HOW TO COMPLETE THIS TASK> Nothing but the exact text of the entries should appear in your answer; pictures stay out.

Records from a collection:
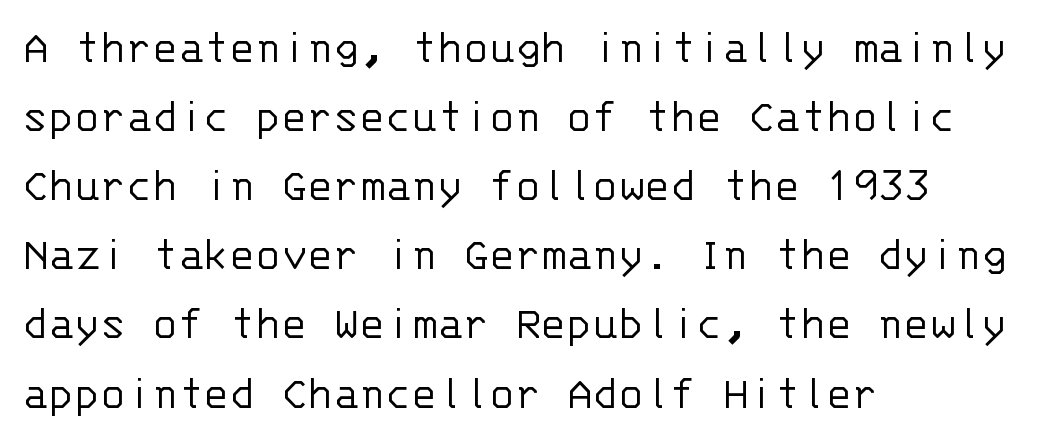
The image shows 48 px light sans-serif type, upright, monospaced; set left-aligned, normal line spacing (1.44x), normal letter spacing, not underlined; low stroke contrast and a large x-height.
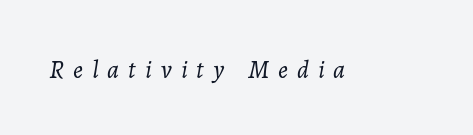
The image shows 25 px text type, italic (leaning right); set unusually wide letter spacing (+0.36 em), not underlined.
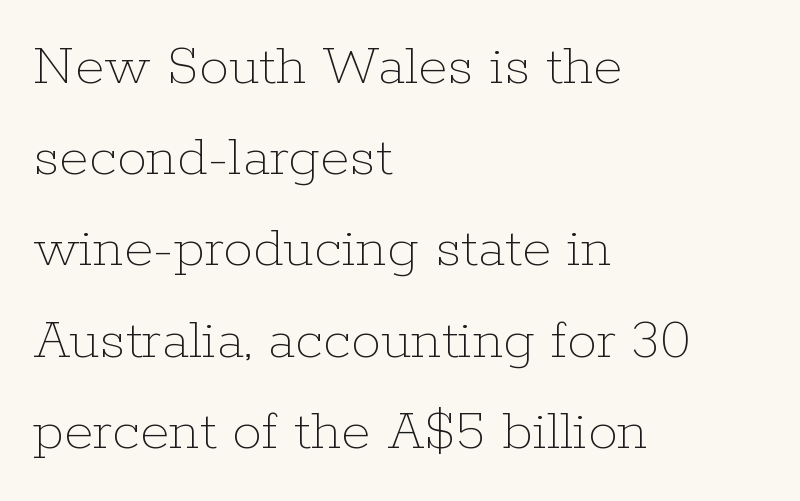
The image shows 60 px thin type, upright; set left-aligned, normal line spacing (1.52x), normal letter spacing, not underlined; low stroke contrast and a medium x-height.
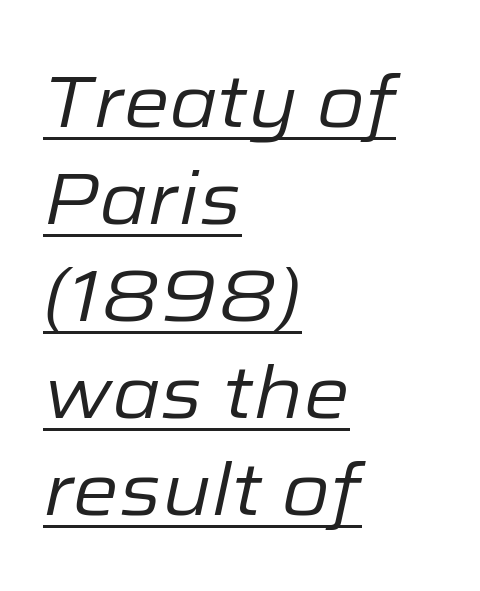
Q: Is the text bold? A: No.
Q: Is the text italic (slanted)? A: Yes, it leans right by about 12 degrees.
Q: Is the text underlined? A: Yes.
Q: How is the paragraph aligned? A: Left-aligned.
Q: Is the spacing between letters normal or unusually wide? A: Normal.
Q: Is the spacing between lines tight, normal or loose? A: Normal.
Q: Width (condensed, normal, or wide)? A: Normal.
Q: Stroke contrast? A: Low.
Q: x-height? A: Medium.
Q: Monospaced? A: No.
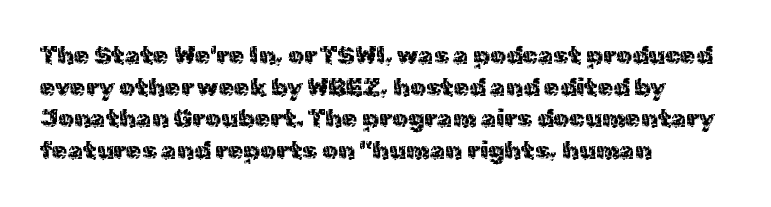
{"italic": "no", "underline": "no", "align": "left", "line_spacing": "normal", "line_spacing_ratio": 1.27, "letter_spacing": "normal", "letter_spacing_em": 0.0, "glyph_px": 25}
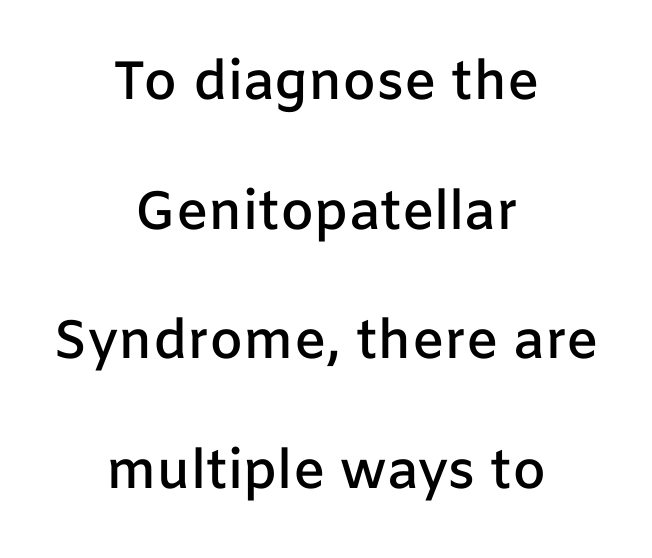
{"serif": "no", "italic": "no", "bold": "semi", "weight": "semibold", "width": "normal", "stroke_contrast": "low", "x_height": "medium", "monospaced": "no", "underline": "no", "align": "center", "line_spacing": "loose", "line_spacing_ratio": 2.4, "letter_spacing": "normal", "letter_spacing_em": 0.0, "glyph_px": 54}
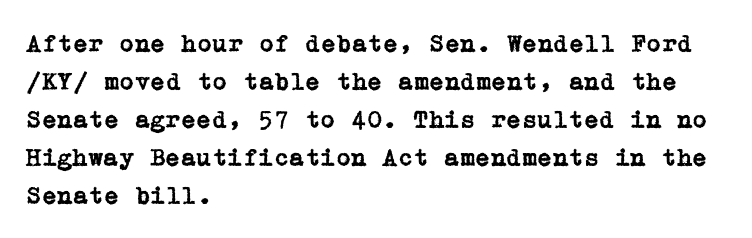
{"italic": "no", "underline": "no", "align": "left", "line_spacing": "normal", "line_spacing_ratio": 1.52, "letter_spacing": "normal", "letter_spacing_em": 0.0, "glyph_px": 25}
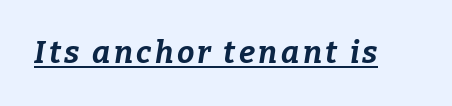
I'd describe the lettering as bold — thick and assertive. These lines were composed using italics. Is this a fixed-width face? No — the glyphs have proportional, varying widths. The lettering is marked with a stroke running underneath it.

SOLUTION TO THIS PROBLEM>
The image shows 48 px light sans-serif type, upright, monospaced; set left-aligned, normal line spacing (1.44x), normal letter spacing, not underlined; low stroke contrast and a large x-height.
The image shows 25 px text type, italic (leaning right); set unusually wide letter spacing (+0.36 em), not underlined.
The image shows 60 px thin type, upright; set left-aligned, normal line spacing (1.52x), normal letter spacing, not underlined; low stroke contrast and a medium x-height.
Q: Is the text bold? A: No.
Q: Is the text italic (slanted)? A: Yes, it leans right by about 12 degrees.
Q: Is the text underlined? A: Yes.
Q: How is the paragraph aligned? A: Left-aligned.
Q: Is the spacing between letters normal or unusually wide? A: Normal.
Q: Is the spacing between lines tight, normal or loose? A: Normal.
Q: Width (condensed, normal, or wide)? A: Normal.
Q: Stroke contrast? A: Low.
Q: x-height? A: Medium.
Q: Monospaced? A: No.
{"italic": "no", "underline": "no", "align": "left", "line_spacing": "normal", "line_spacing_ratio": 1.27, "letter_spacing": "normal", "letter_spacing_em": 0.0, "glyph_px": 25}
{"serif": "no", "italic": "no", "bold": "semi", "weight": "semibold", "width": "normal", "stroke_contrast": "low", "x_height": "medium", "monospaced": "no", "underline": "no", "align": "center", "line_spacing": "loose", "line_spacing_ratio": 2.4, "letter_spacing": "normal", "letter_spacing_em": 0.0, "glyph_px": 54}
{"italic": "no", "underline": "no", "align": "left", "line_spacing": "normal", "line_spacing_ratio": 1.52, "letter_spacing": "normal", "letter_spacing_em": 0.0, "glyph_px": 25}
I'd describe the lettering as bold — thick and assertive. These lines were composed using italics. Is this a fixed-width face? No — the glyphs have proportional, varying widths. The lettering is marked with a stroke running underneath it.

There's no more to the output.